The Quality of Speed

In our first blog post “Big Data: fear and challenge” we wrote about the habit to store data with very detailed metadata. It is rooted in the hesitation to throw away what might be of use in future. This could be for in-depth analysis at later stage, compliance, legal defense or simple inspection/reference.

All valid reasons which come at a cost, which needs to be balanced with a benefit that is beyond emotion. As we pointed out in our earlier blog, it boils down to what choices are made and what responsibilities we as individuals, or as a community are willing to carry.

Speed or quality?

Today’s topic carries a seemingly similar theme: reluctance to move to high-speed methods for data processing, caused by a perceived implicit choice between speed and quality. This is based on the hypothesis that thorough data processing takes time, and a dramatic speed increase requires one to be more shallow.

Let’s take a deeper look at the topic. As we moved through time, we have been presented with new technologies that, even though been met with resistance at first, changed the shape of our society completely.

Each and every of these technological changes carries at least two elements: speed increase and size reduction. Consider the Personal Computer, video processing, telecommunication, medical equipment, sequencers or the Internet of Things (IoT). The common theme is: we create faster and smaller devices, we produce more data, and when we start using this data, we get better understanding because we learn quicker and more comprehensively.

Looking back, nobody would argue that the quality of video processing of ten years ago was higher than today. Here we hit the sweet spot of our topic. The increase in quality of video processing is a direct consequence of an increase in speed and a reduction in size of data and devices. In every field, bringing such new technology within reach of a growing community starts an avalanche of innovation and cost reduction. As a result, the medium is now accessible and usable by a large audience producing and sharing more images and videos than ever before … and with unparalleled quality.

A different perspective

In the genomics data processing community we still see the overriding perception that any data processing speed increase of one or two orders can only be achieved by cutting corners (resulting in quality reduction), or plain old-fashioned hardware acceleration. This perception is wrong. Let me explain why:

  1. As this industry is still in its infancy, many tools originate from content experts. These have different roots and a completely different approach than the computer experts who work in e.g. video processing or gaming industries. They are generally known as the geeks that turn every byte and bit around to extract maximum user experience from the available electronics. As the genomics industry is growing, new companies start looking at the original problems from a different perspective and find ways to mobilize the full potential of modern processors and provide solutions which are as good or better and much, much faster. Bottom line: the power was already there, we just had not found the way to go full throttle. The gaming industry as an example has grown way and way beyond the ‘geek’ image, so it’s not a bad thing.
  2. With higher speed, processing can be done on larger and more diverse datasets, yielding more accurate results. For example, one project in the Netherlands required mapping of plant data for which no one-to-one reference existed. Although there were a series of references, it was not known which was the best one to choose. Because of available speed, a selection of the data set was run against ALL available references. Why Choose? Based on coverage metrics, the reference closest to the sample-set was selected and all samples where mapped against this reference. It is clear that a reference, which is closer to the data set, will give a higher quality result with fewer false positives when it comes to variant selection and association studies.
  3. When I spoke with people of the VU University in Amsterdam, the topic of speed was explored along another quality dimension. They explained that getting a genetic ‘tissue test result’ in 30 minutes (note that this includes preparation, sequencing and data processing), would already position this diagnosis within the bounds of a surgery window. In other words, a surgeon can make an immediate decision concerning the scope of an operation based on the genetic profile of the tested tissue.
  4. When analysis capabilities, fuelled by increased speed and footprint reduction, becomes available to a much wider user group, the shared learning of the empowered parallel brains of the community will yield more insights and increase the overall quality of, in this case, the diagnostic result.

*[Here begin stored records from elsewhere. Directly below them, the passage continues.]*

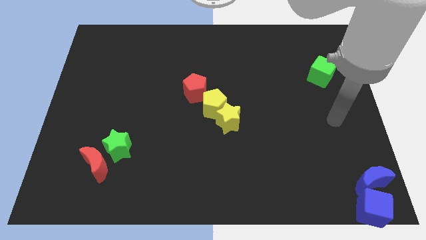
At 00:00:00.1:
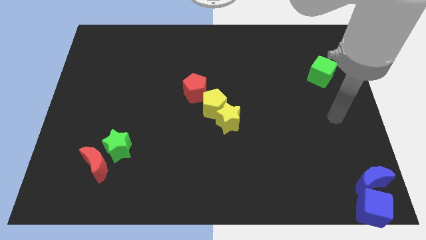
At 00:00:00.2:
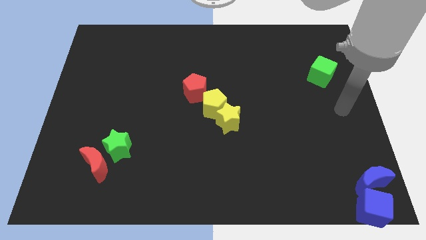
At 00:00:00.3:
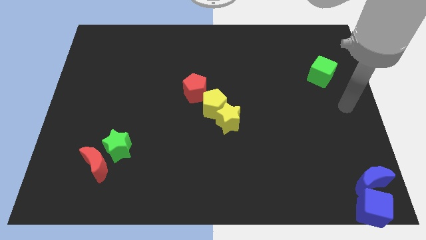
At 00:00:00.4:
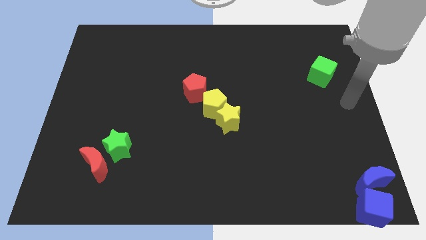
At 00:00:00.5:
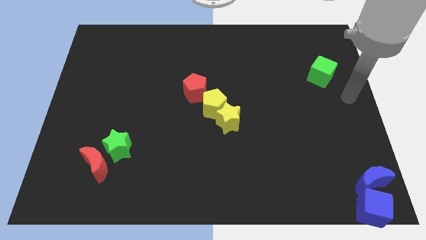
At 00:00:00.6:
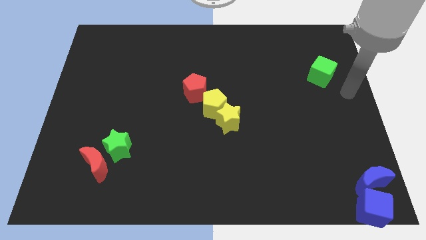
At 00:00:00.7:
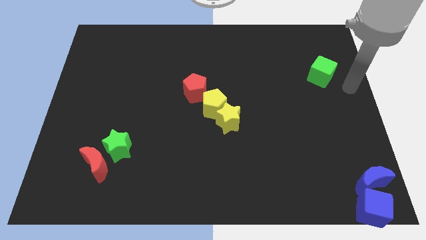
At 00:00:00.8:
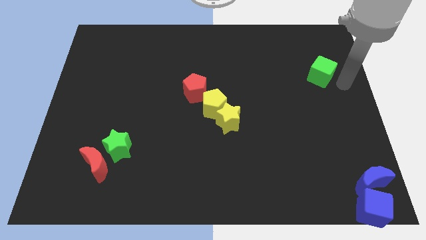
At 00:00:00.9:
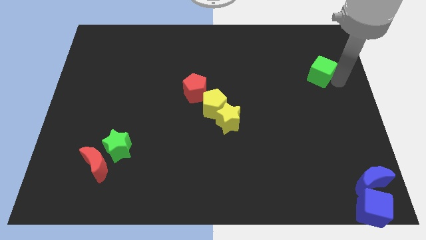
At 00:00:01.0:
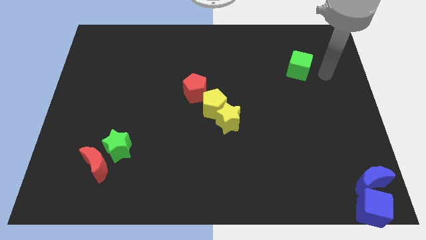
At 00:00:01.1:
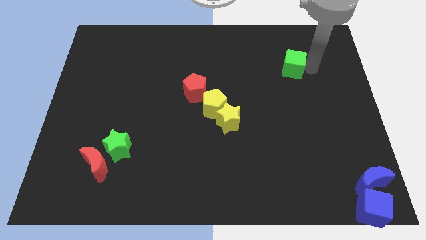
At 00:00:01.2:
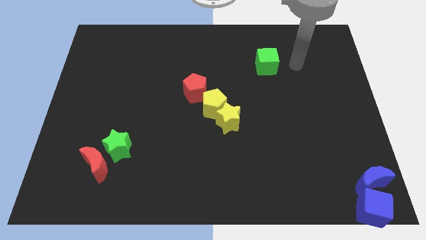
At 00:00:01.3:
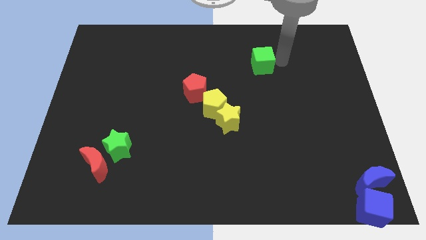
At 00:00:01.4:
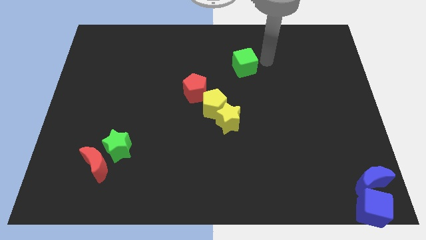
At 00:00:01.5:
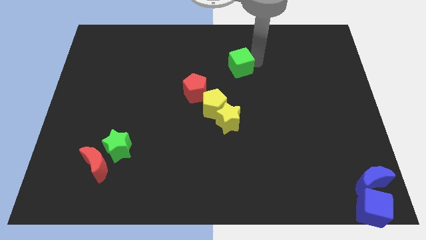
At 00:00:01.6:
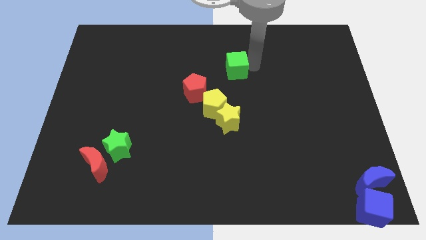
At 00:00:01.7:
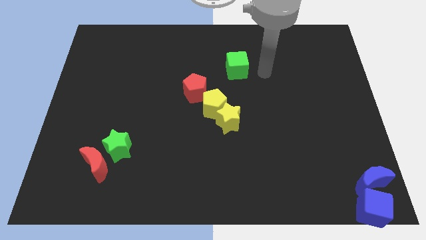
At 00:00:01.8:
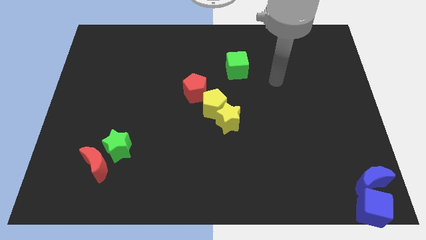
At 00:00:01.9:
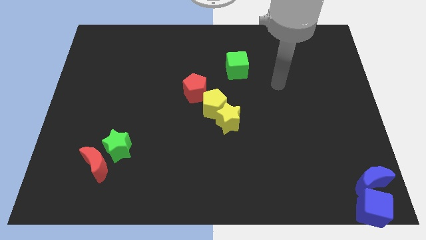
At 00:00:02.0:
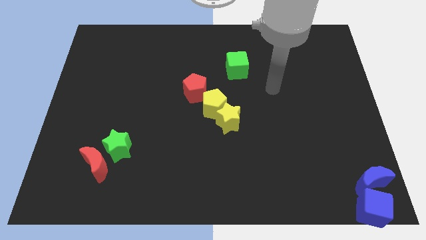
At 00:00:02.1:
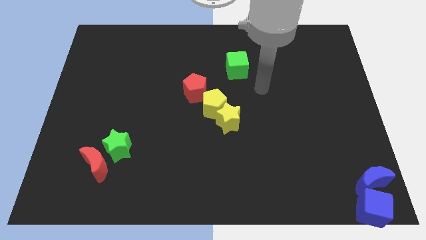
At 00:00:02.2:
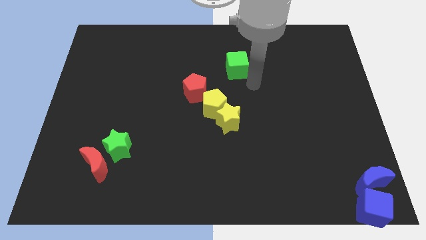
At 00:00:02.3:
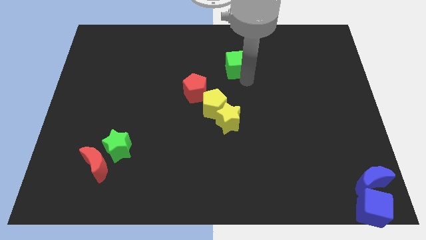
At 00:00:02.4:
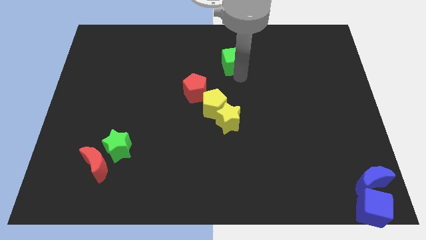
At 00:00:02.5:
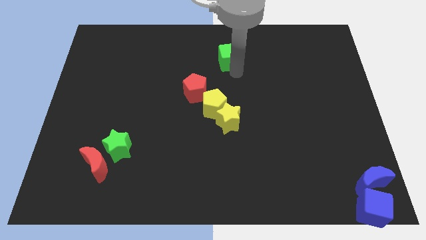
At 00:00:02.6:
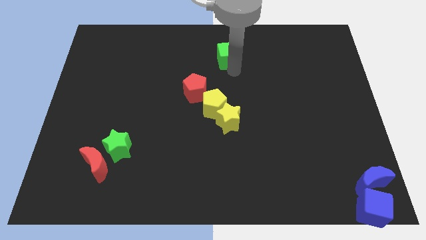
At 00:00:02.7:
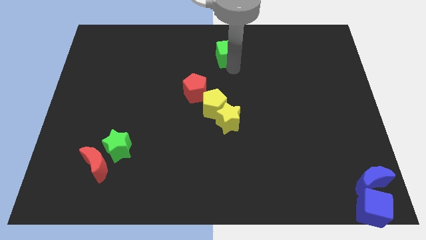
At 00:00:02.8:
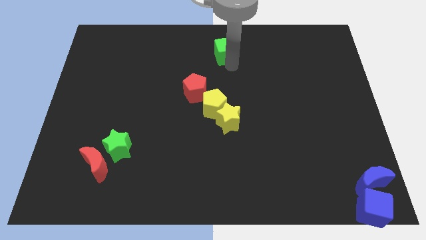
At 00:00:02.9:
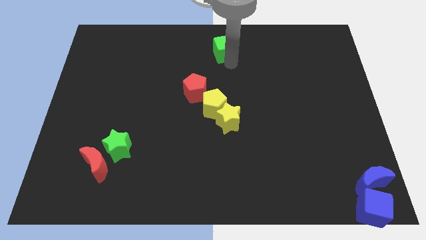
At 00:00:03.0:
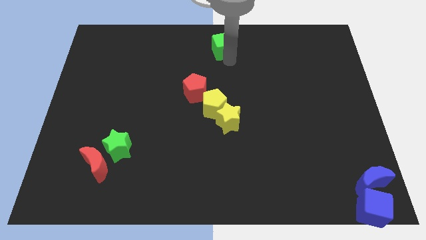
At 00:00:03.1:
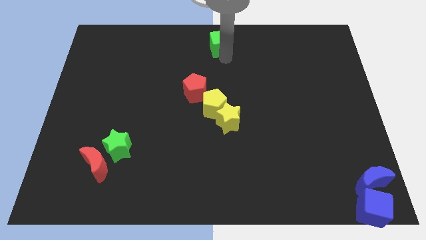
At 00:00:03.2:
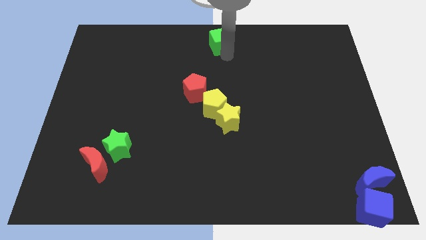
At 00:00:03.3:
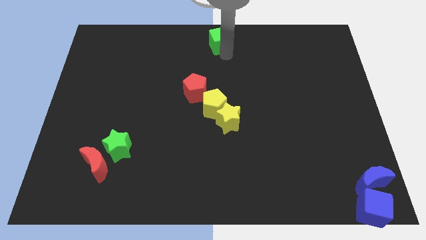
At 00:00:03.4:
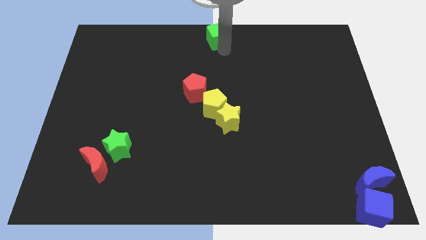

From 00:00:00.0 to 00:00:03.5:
push the green cube to the top center of the board

The above argument links the speed component to an increase in quality, and voids the perception that a massive increase in speed can only be achieved by cutting corners and thus reduces the output quality.

Too early for fixation

In essence it has been proven that the modern (Intel) processor capacity is no longer the limiting factor for genomics data processing. The main issue is bandwidth and data footprint. This brings us to the topic of hardware acceleration. When we speak about this with people in the industry we hear the common opinion that hardware accelerated processing of genomics data is still too early.

Again, in analogy to video processing, specific hardware devices will become a solution when this field has reached a higher level of maturity such as happened when mpeg-x became widely adopted and energy and heat requirements fueled the creation of small devices.

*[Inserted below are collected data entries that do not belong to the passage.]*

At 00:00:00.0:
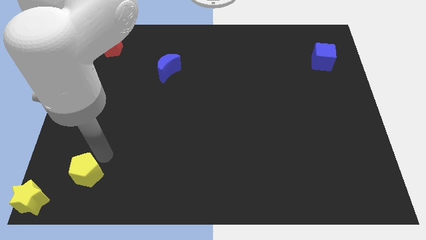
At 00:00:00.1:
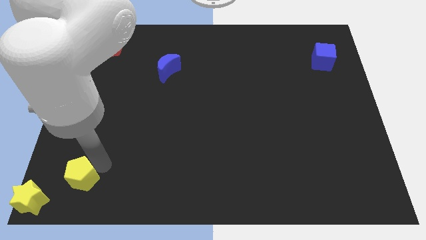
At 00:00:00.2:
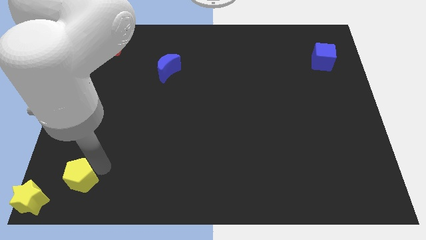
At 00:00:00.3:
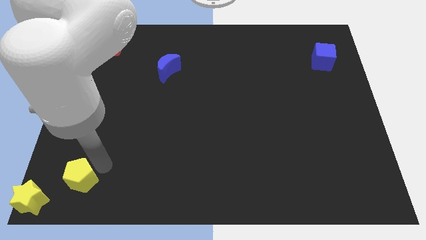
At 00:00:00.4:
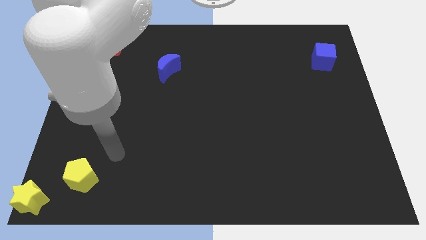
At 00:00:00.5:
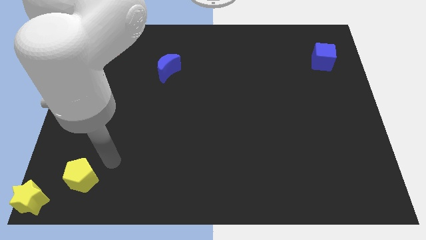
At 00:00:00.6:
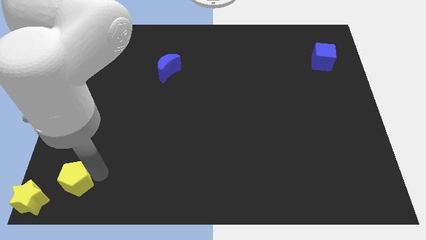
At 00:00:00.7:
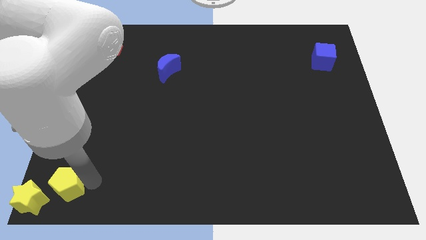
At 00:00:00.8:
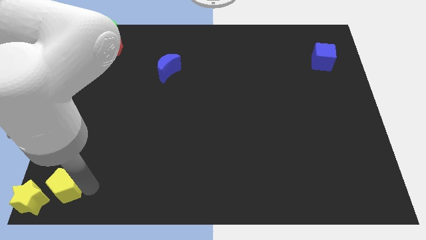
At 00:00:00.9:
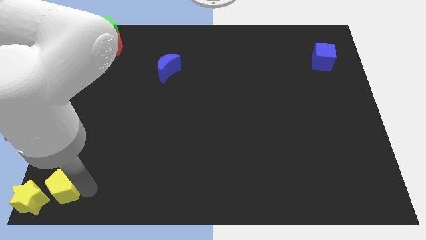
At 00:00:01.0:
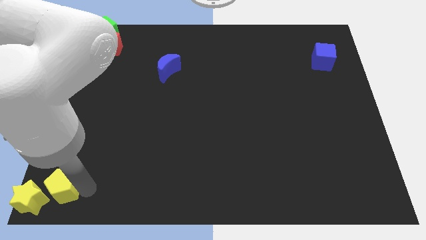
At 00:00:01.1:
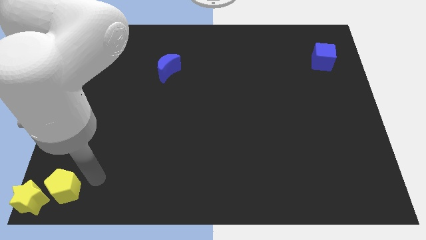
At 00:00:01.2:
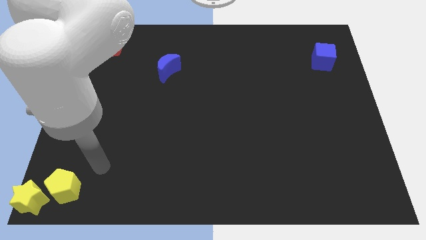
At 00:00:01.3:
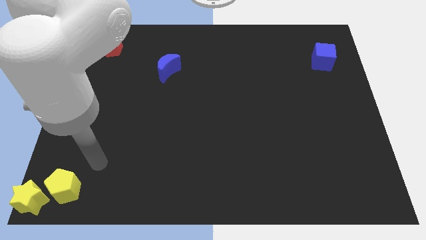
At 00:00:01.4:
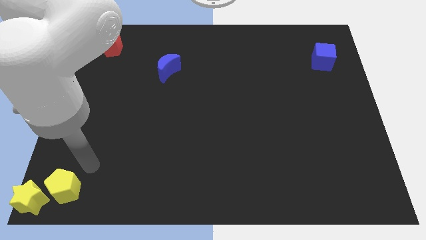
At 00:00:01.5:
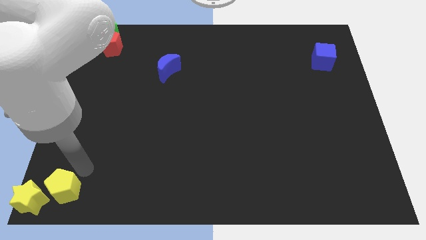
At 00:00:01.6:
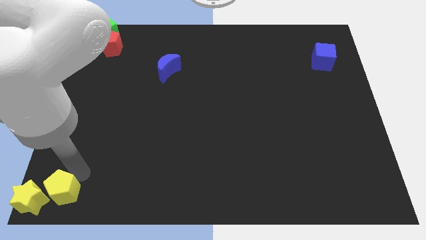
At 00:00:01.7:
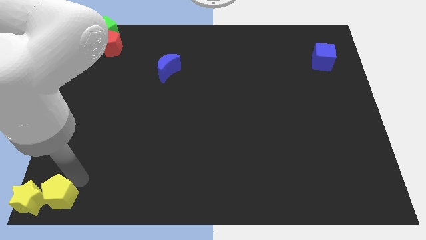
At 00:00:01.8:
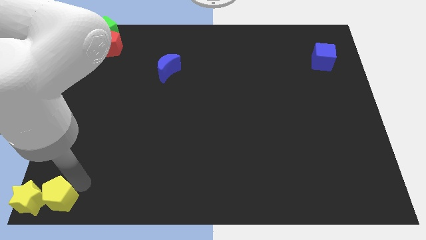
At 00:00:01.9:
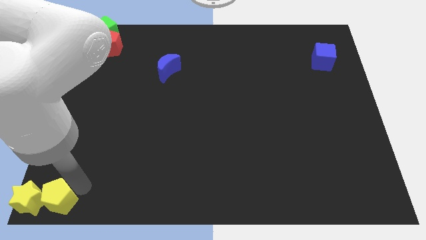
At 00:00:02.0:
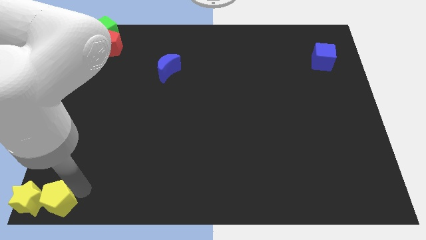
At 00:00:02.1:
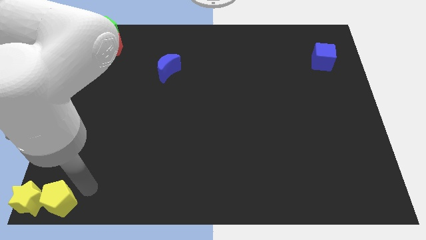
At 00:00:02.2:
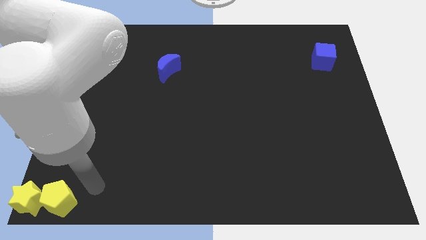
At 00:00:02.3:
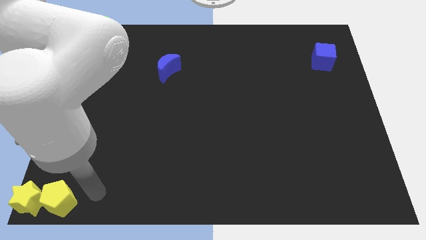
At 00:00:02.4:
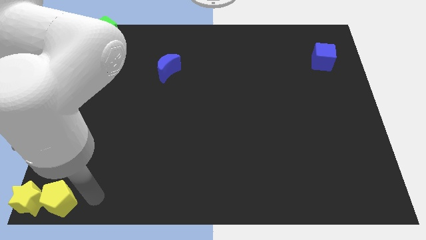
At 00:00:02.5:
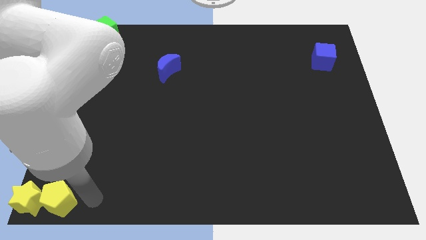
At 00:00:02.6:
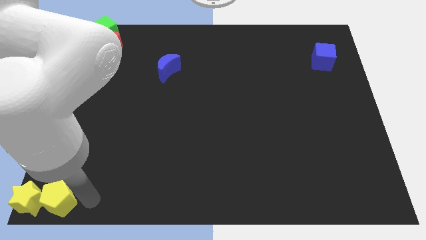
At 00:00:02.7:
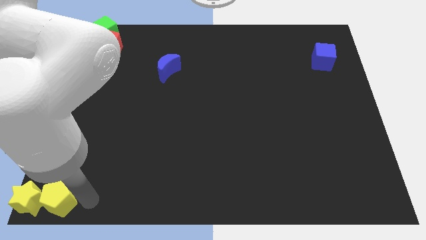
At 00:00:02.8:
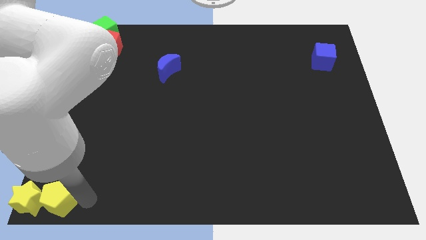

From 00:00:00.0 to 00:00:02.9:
push the yellow pentagon into the yellow star

Yet, as times have changed, it is only common sense to have all the goodies directly connected to the memory highway and integrated in one commodity processor to maintain the agility of software till the field becomes more settled.

Finally

In conclusion of the line of thought of today, I want to emphasize again that major changes in society have been triggered and accelerated by dramatic speed increases and size reductions in any field. Quality as a function of these two components has always gone up, while cost is driven down. So pushing the speed envelope in genetics will contribute to economical health in a health economy.